EXERCISE DIRECTIONS>
The expected output is every record below, transcribed exactly, with the pictures left out.

Source records>
"""

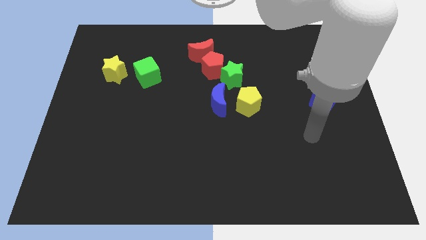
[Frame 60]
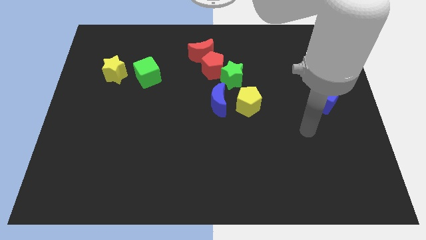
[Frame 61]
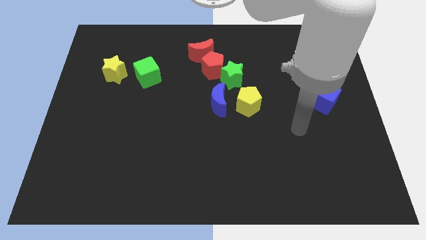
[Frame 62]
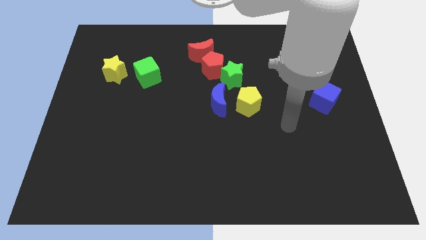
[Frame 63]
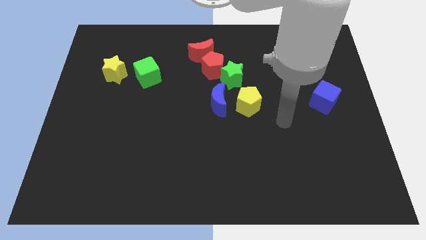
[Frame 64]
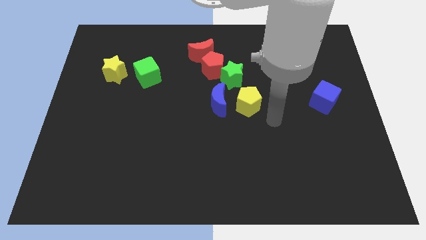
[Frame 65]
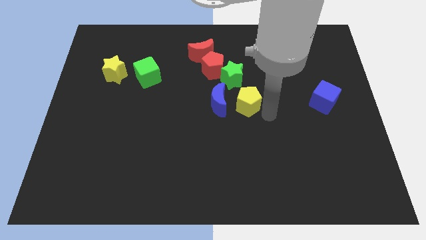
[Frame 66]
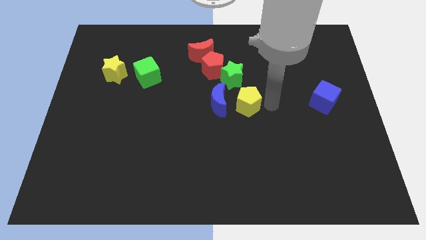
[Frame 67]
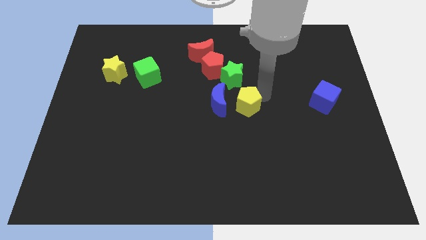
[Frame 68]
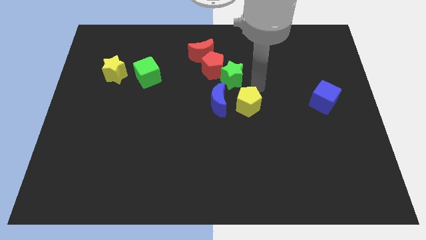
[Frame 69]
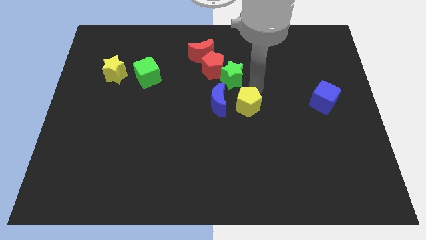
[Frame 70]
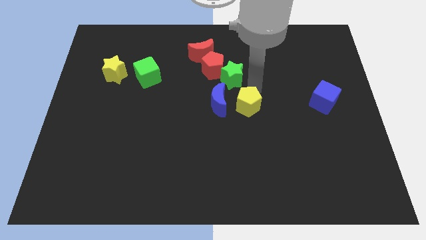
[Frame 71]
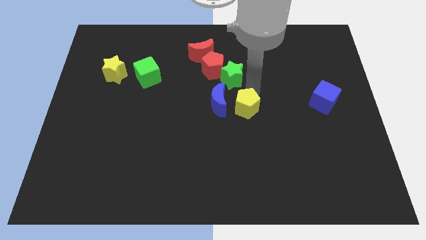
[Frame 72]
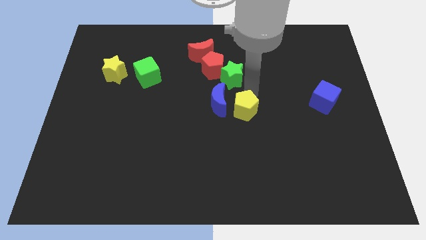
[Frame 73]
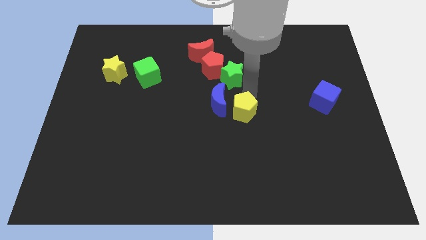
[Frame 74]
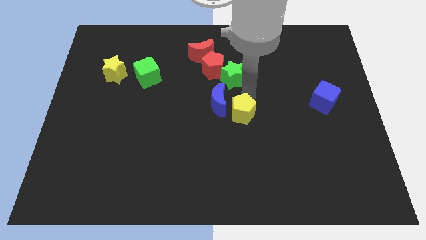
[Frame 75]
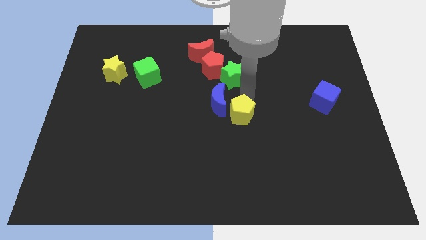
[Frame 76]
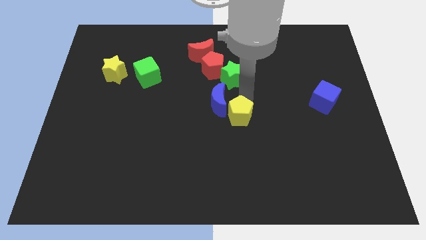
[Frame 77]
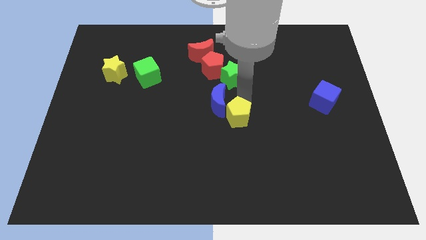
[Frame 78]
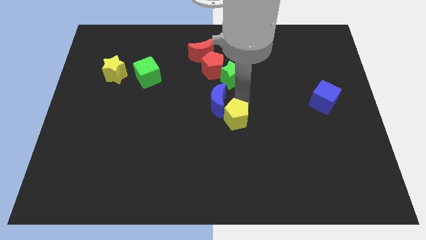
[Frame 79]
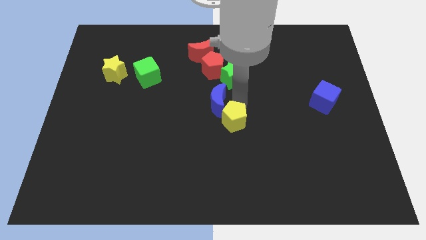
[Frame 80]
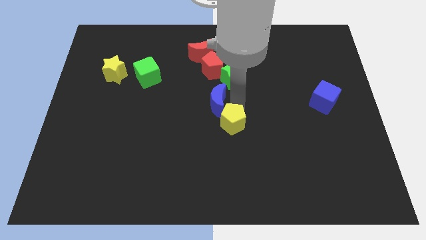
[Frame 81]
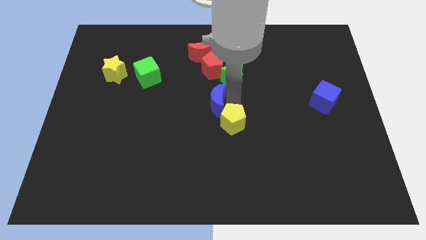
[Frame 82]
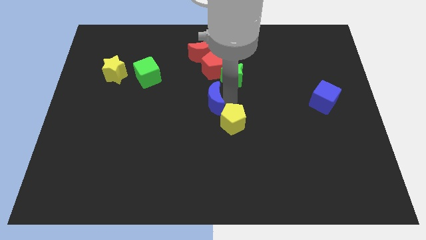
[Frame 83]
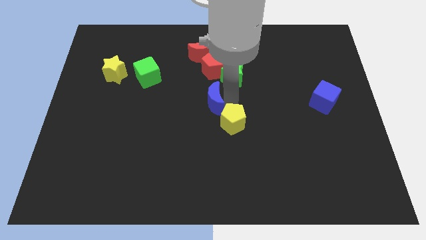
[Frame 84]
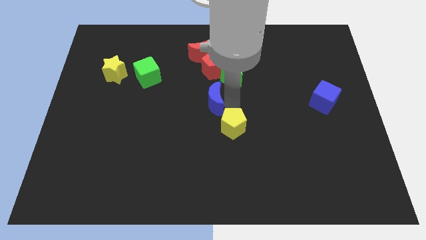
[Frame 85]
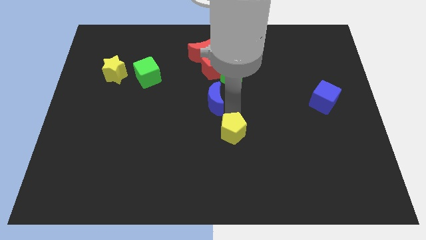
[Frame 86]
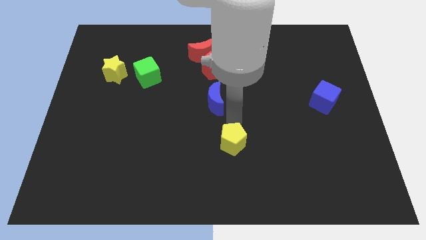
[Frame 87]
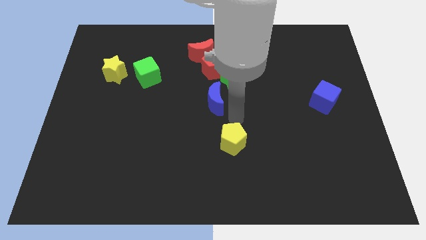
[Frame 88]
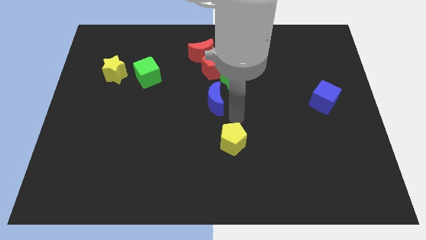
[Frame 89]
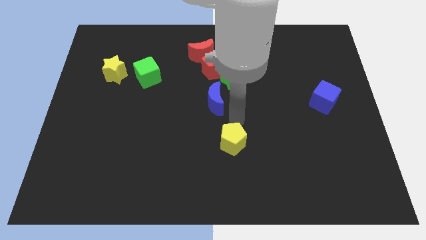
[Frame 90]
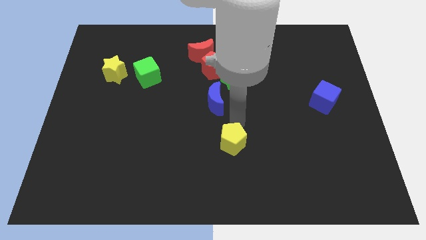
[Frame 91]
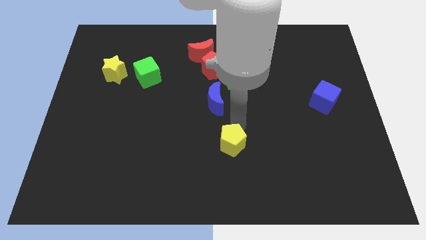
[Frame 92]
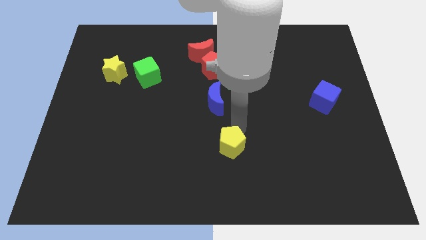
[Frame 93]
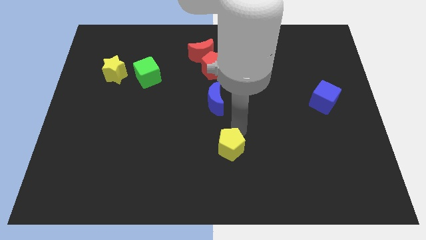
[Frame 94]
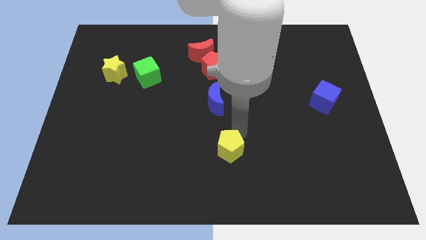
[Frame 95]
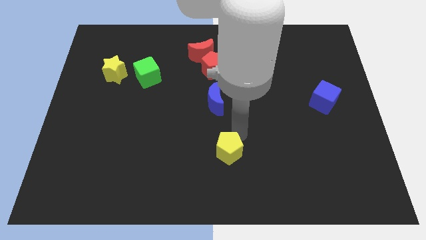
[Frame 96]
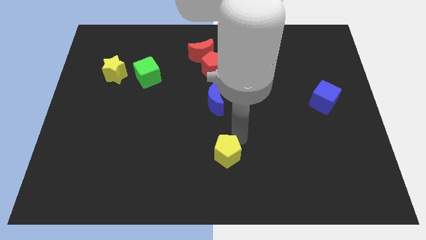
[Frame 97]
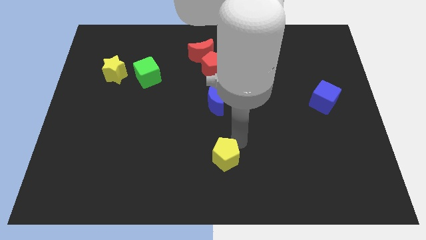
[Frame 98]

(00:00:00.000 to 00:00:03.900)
slide the yellow pentagon to the bottom side

"""

WRITTEN RESPONSE>
[Frame 60]
[Frame 61]
[Frame 62]
[Frame 63]
[Frame 64]
[Frame 65]
[Frame 66]
[Frame 67]
[Frame 68]
[Frame 69]
[Frame 70]
[Frame 71]
[Frame 72]
[Frame 73]
[Frame 74]
[Frame 75]
[Frame 76]
[Frame 77]
[Frame 78]
[Frame 79]
[Frame 80]
[Frame 81]
[Frame 82]
[Frame 83]
[Frame 84]
[Frame 85]
[Frame 86]
[Frame 87]
[Frame 88]
[Frame 89]
[Frame 90]
[Frame 91]
[Frame 92]
[Frame 93]
[Frame 94]
[Frame 95]
[Frame 96]
[Frame 97]
[Frame 98]

(00:00:00.000 to 00:00:03.900)
slide the yellow pentagon to the bottom side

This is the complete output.